> _Exercise brief_:
I'd like the entries reproduced exactly, with the images omitted.

***** Data extracts *****

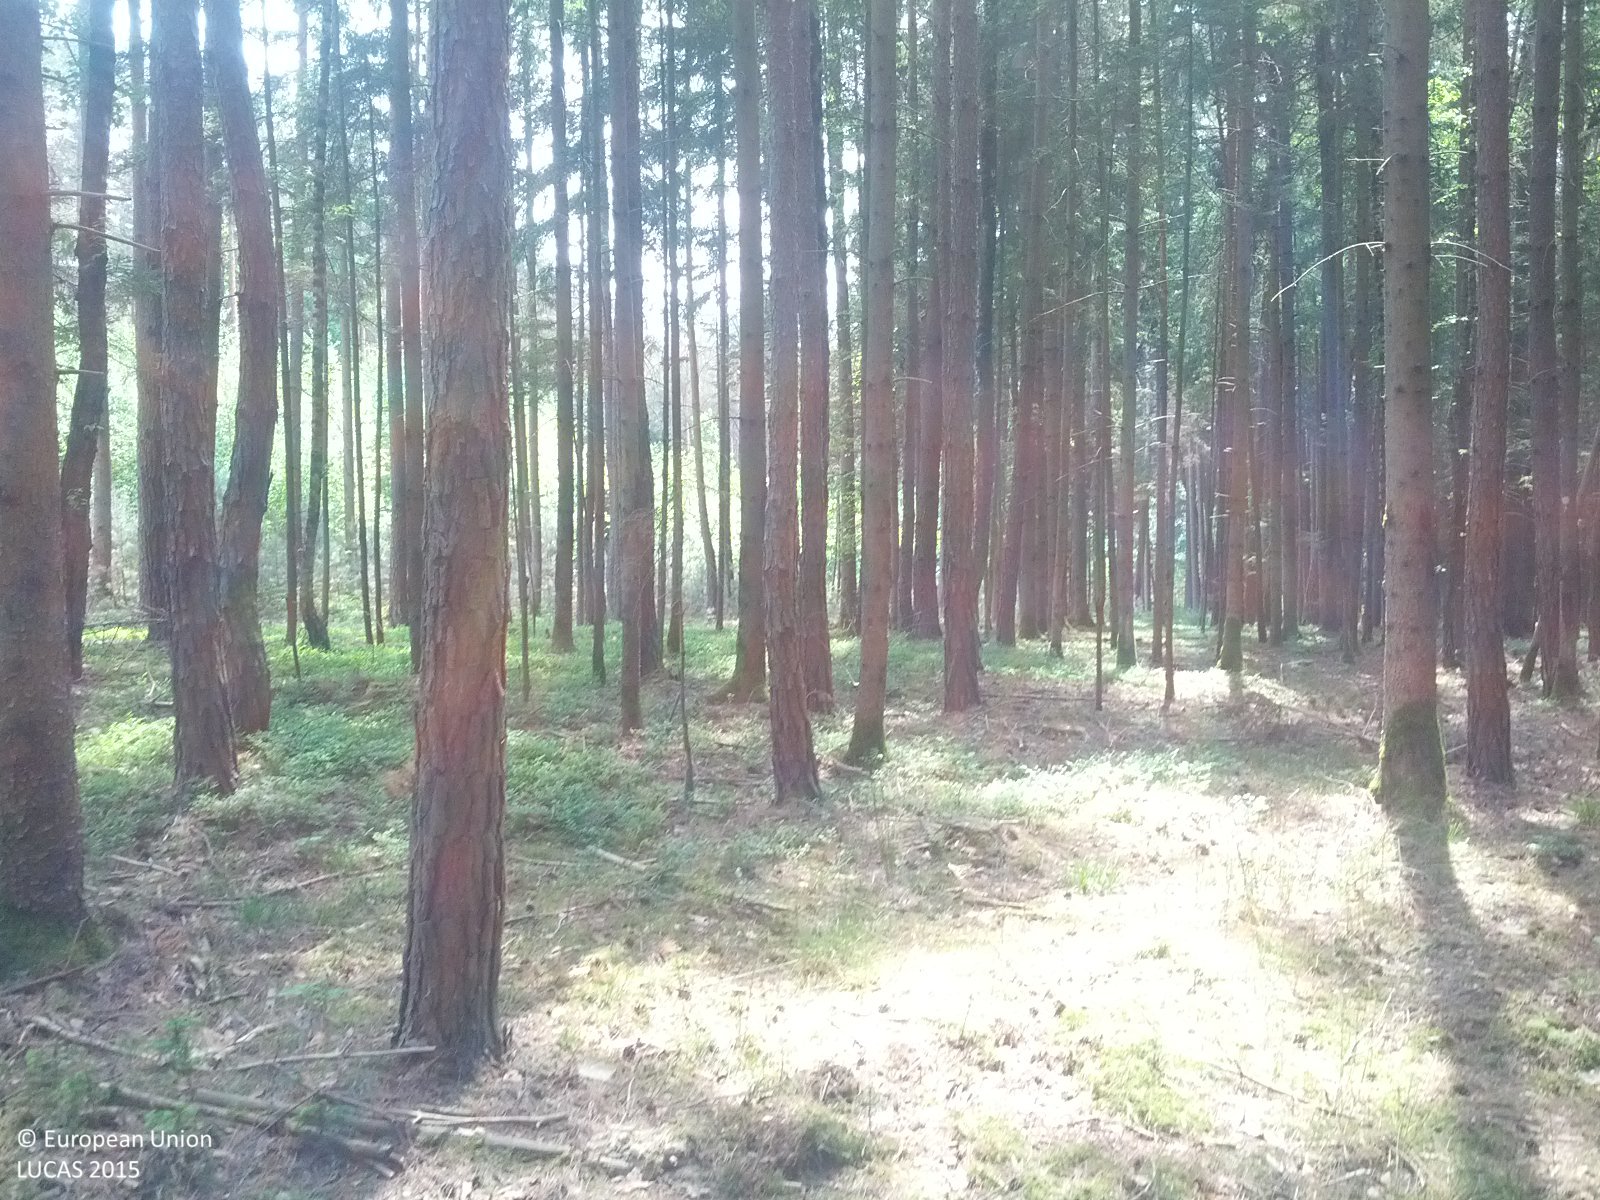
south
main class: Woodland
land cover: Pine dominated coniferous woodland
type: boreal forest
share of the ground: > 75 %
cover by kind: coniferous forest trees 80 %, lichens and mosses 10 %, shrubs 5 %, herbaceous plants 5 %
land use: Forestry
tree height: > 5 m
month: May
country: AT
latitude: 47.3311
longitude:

*****

> _Solution to this task_:
south
main class: Woodland
land cover: Pine dominated coniferous woodland
type: boreal forest
share of the ground: > 75 %
cover by kind: coniferous forest trees 80 %, lichens and mosses 10 %, shrubs 5 %, herbaceous plants 5 %
land use: Forestry
tree height: > 5 m
month: May
country: AT
latitude: 47.3311
longitude:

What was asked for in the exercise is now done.